By constantly sowing dissent and chaos in the ranks of its enemies, the regime ensures that there is no credible opposition – and so the risk of a security vacuum without the regime looks large.
This isn’t a new strategy. Hafez Al Assad, the president’s father, spent decades perfecting this strategy, destroying any opposition, so that he remained the sole credible choice.
And it is in there that Mr Al Assad’s strategy for survival becomes apparent. If I were to guess at the regime’s playbook for the next year, until the suggested elections of 2017, it would go like this.
The regime will string the talks out for as long as possible, undermining the opposition at every turn while dutifully turning up to conferences.

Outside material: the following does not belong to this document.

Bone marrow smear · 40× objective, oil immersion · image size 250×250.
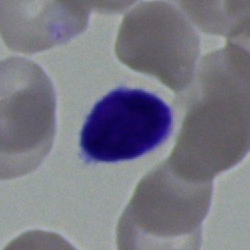
Morphology → typical lymphocyte.

The transitional government, meant to be in place by this summer, if it ever happens, will certainly have a place for Mr Al Assad. If there is an election next year, he will stand as a candidate – it will not be “credible” otherwise, his supporters in Moscow will argue.
Many groups will boycott the election. Devoid of other viable, tested alternatives, Syrians, even in a free election, will return Mr Al Assad to power.
The Russians, knowing the West’s soft spot for elections as a tool of legitimacy, will declare him the democratic winner – and may even get Mr Al Assad to claim he will step down after one term.
If the international community is sufficiently weary of the war, of the refugees streaming into Arab and European countries, and if Mr Al Assad can offer high-minded words about forgiveness and reconciliation, the world may accept it for the sake of stability. Some Syrians will return. The world’s attention will move on. And that’s when Mr Al Assad’s mukhabarat will start the process of rounding up dissidents and their families.
That’s what Mr Al Assad’s father did. The apogee of repression wasn’t the destruction of Hama in 1982 – it was the 10 years of arrests and torture that followed.
The Assad regime knows a fundamental truth about the world: it has a short attention span. But the regime does not forget.